# Oh NO! Curly Died.



## woodsie (Jul 1, 2013)

I went out to feed the pigs a little late yesterday evening and only two pigs came to greet me. I found curly dead under is favourite tree...my dad was in the pen hours earlier and he was up and rooting. I am guessing that it was heat exhaustion as they dumped their waterer AGAIN and although I left the hose on it had gotten kinked and was not flowing. So sad and expensive to lose a beautiful big pig a month before butchering. 

Just a reminder to everyone to be VERY vigalent in checking that everyone has water in extreme heat...we are having a heat wave at 40+C and there is very little tolerance at these temperatures. So sad to lose an animal for something so preventable...


----------



## BrownSheep (Jul 1, 2013)

We've been running the same.
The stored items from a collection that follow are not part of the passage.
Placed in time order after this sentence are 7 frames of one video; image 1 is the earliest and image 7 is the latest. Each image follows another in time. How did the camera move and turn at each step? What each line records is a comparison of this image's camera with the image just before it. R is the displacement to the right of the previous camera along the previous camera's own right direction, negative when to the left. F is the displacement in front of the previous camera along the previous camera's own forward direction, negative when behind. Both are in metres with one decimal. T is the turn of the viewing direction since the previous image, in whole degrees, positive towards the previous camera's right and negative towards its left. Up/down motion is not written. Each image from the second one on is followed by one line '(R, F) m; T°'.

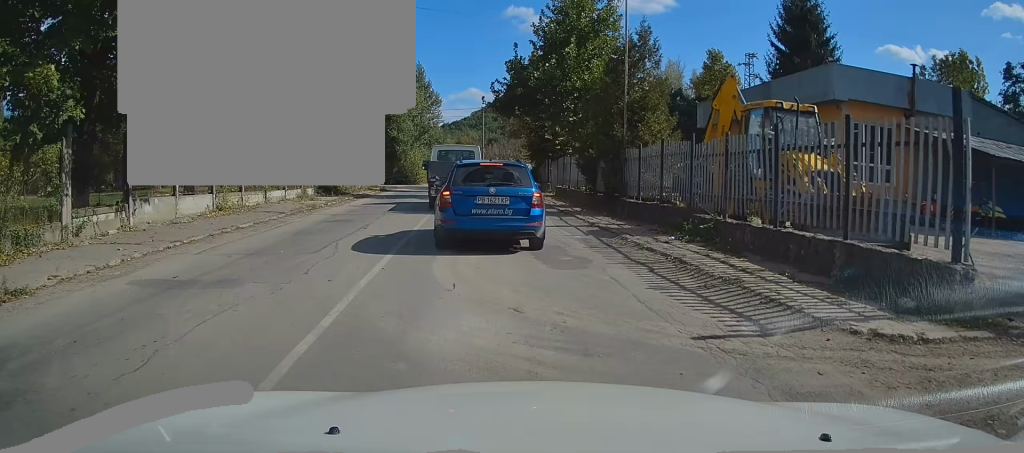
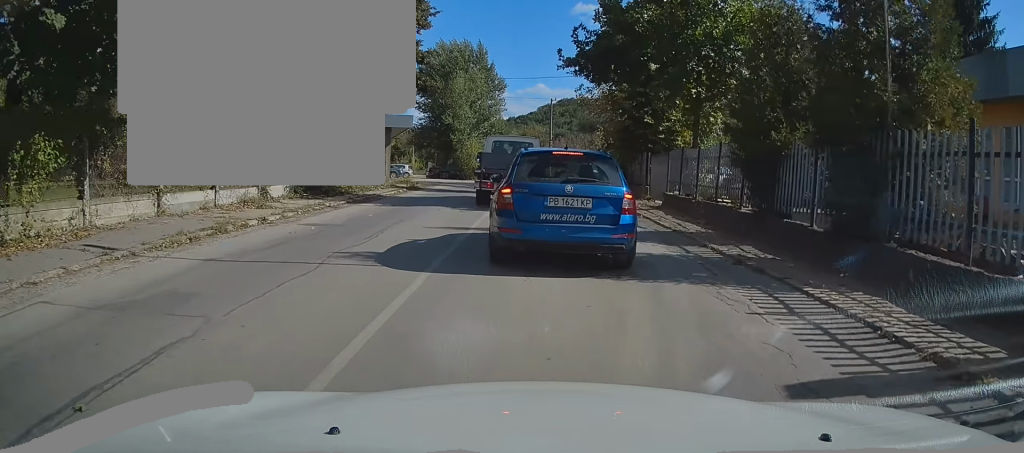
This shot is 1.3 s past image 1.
(-1.3, +11.7) m; -9°
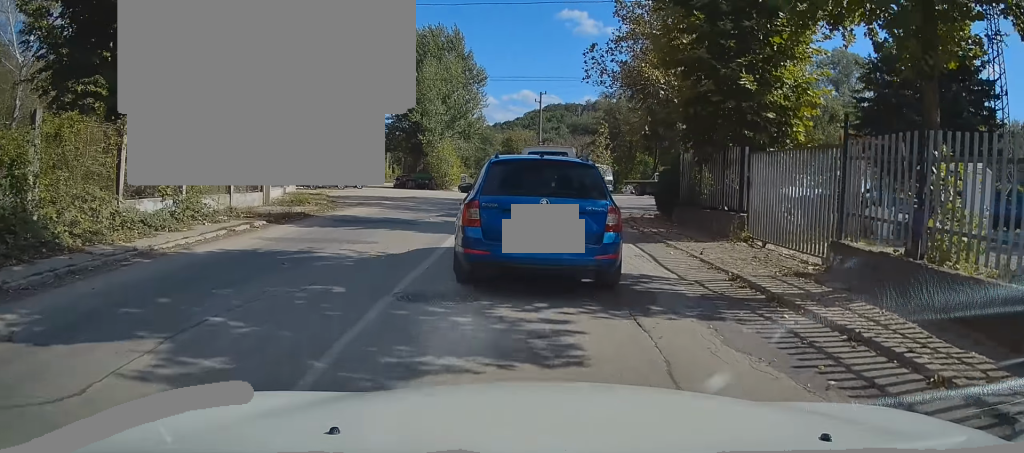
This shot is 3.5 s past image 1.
(-0.6, +14.6) m; -3°
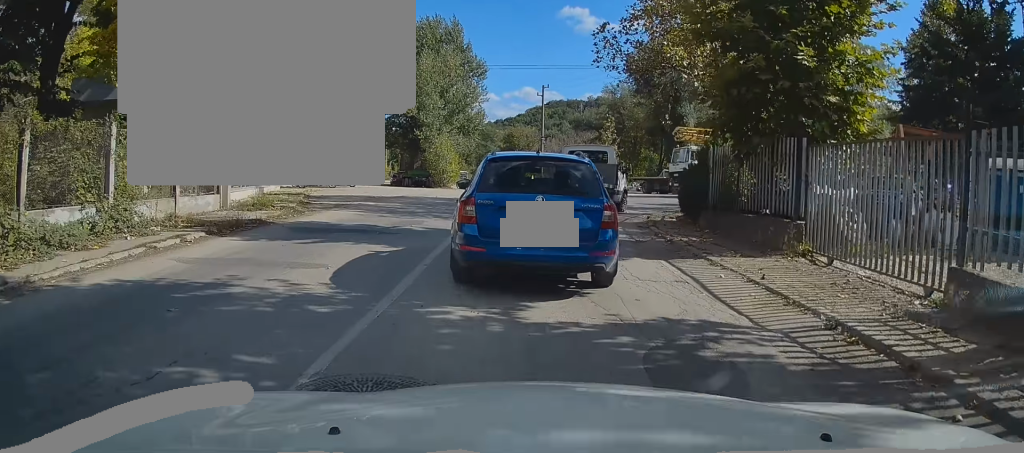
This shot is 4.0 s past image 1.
(+0.3, +3.0) m; -1°
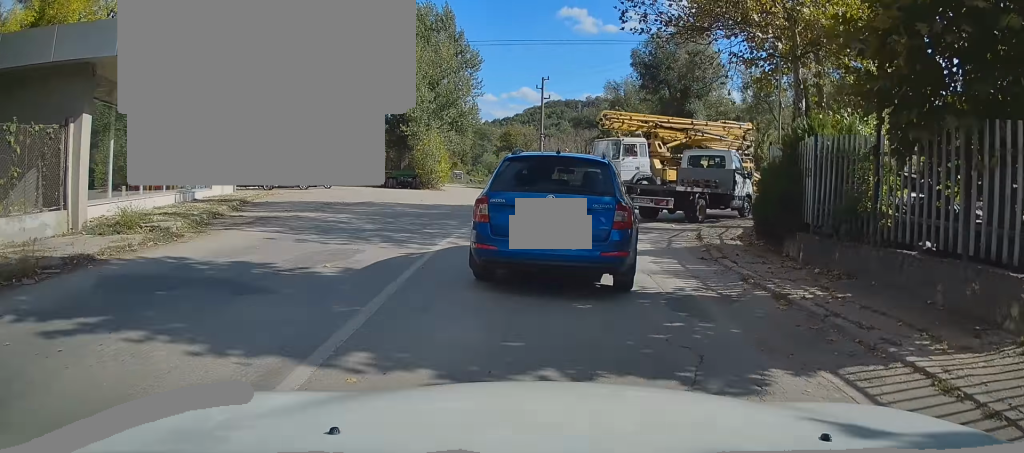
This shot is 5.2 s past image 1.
(-0.6, +5.9) m; -3°
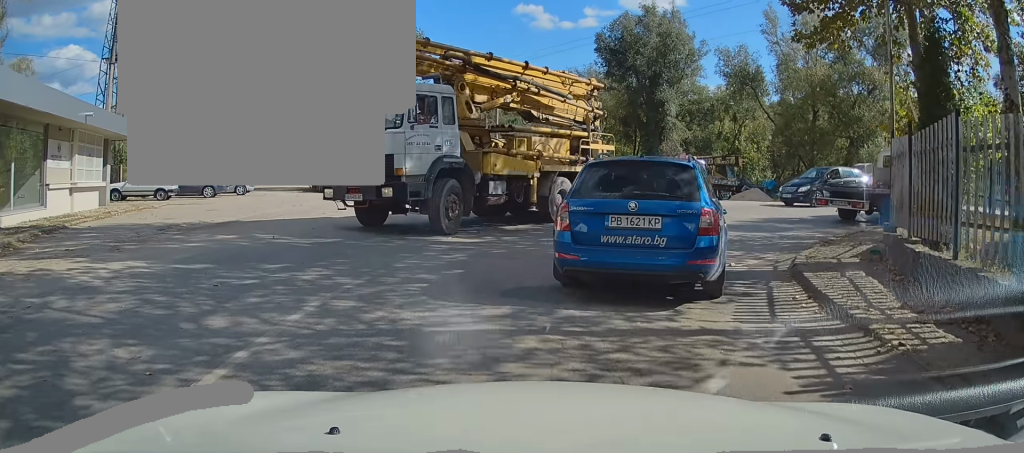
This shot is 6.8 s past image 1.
(+0.8, +7.9) m; +5°
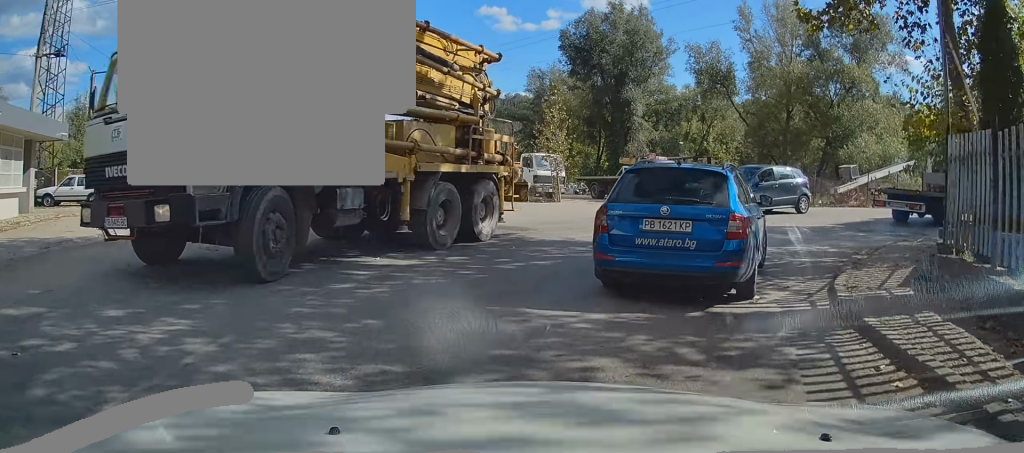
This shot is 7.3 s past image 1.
(0.0, +2.5) m; +1°
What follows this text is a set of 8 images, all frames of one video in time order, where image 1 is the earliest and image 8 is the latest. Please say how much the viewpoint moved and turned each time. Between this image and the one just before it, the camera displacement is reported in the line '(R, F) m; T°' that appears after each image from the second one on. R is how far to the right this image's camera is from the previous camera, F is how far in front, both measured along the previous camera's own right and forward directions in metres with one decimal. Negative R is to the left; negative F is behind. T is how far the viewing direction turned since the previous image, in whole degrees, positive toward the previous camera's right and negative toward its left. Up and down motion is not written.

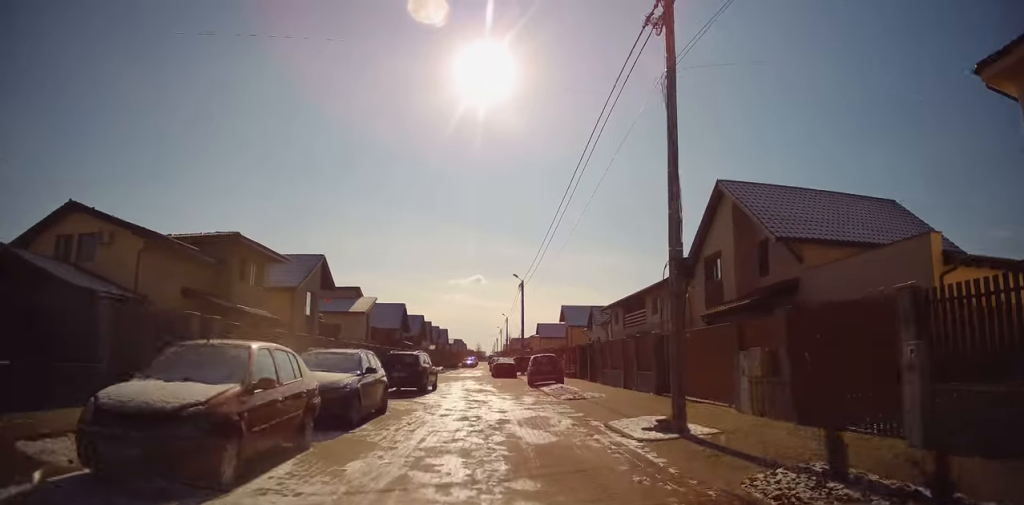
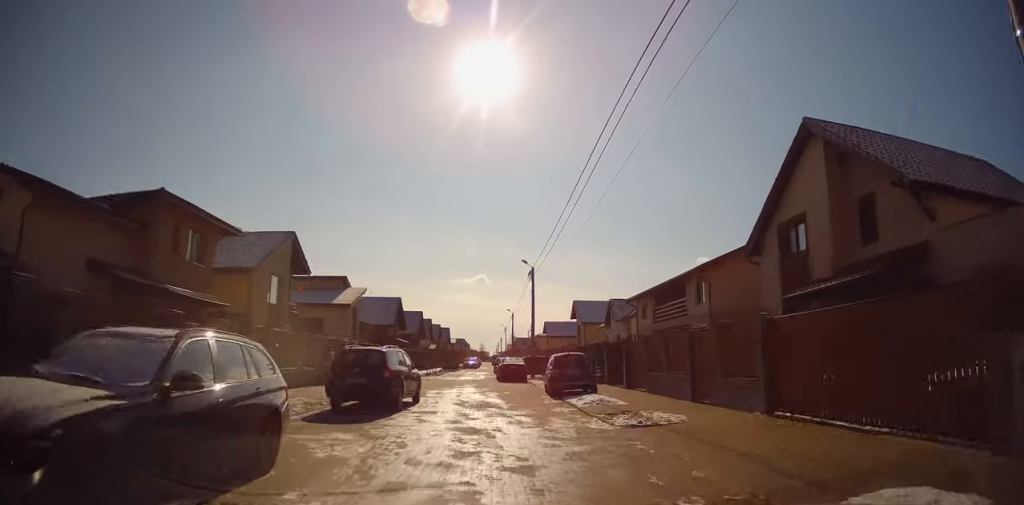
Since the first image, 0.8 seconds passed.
(+0.1, +7.0) m; -1°
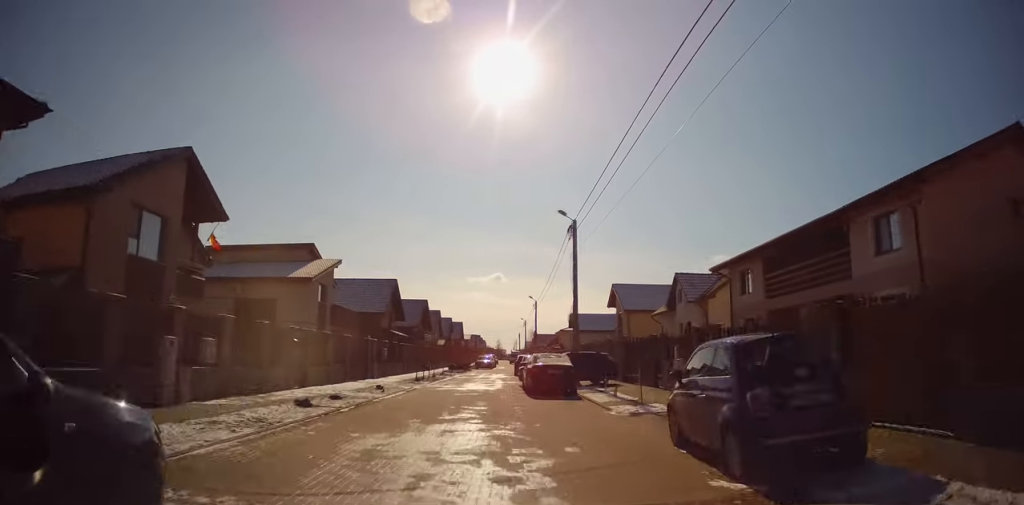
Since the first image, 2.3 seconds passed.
(-0.6, +13.6) m; -3°
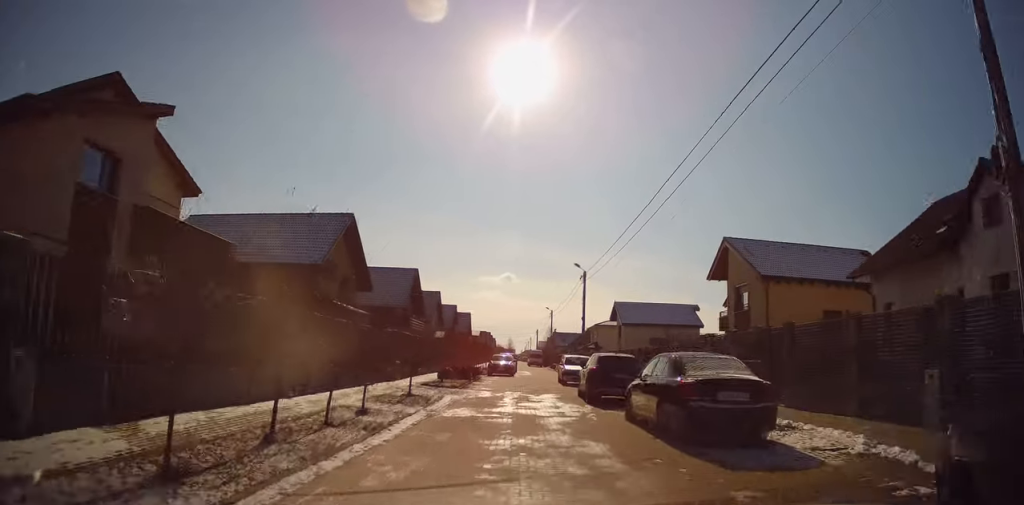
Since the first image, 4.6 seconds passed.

It's horrible.


----------



## elevan (Jul 1, 2013)

I'm sorry for your loss.

Indeed a reminder for us to check on our animals that need us to provide for them.


----------



## Four Winds Ranch (Jul 1, 2013)

Sorry for Curly!!!!


----------



## Cricket (Jul 2, 2013)

That's too bad--sorry!


----------



## KinderKorner (Jul 2, 2013)

I'm sorry for your loss. 

It's so weird that it's so hot for you guys.

We've had rain 24/7 and cold temps for a week. I actually got out my carharrt coat this morning.  It's a weird season.


----------



## woodsie (Jul 2, 2013)

Yesterday our mecury by our house (in the shade) got to 46 C....that's 115 F!!! That's crazy for us up here in Canada! We are in the hot belt but this is very unusual. We are pretty much resorted to living in AC or under sprinklers...I have the irrigation booster pump going with as many sprinklers on as possible in an attempt to get the temp more bearable in the fields. 

Thanks for all your condolences...we are doing all we can to not lose any more animals in this heat.


----------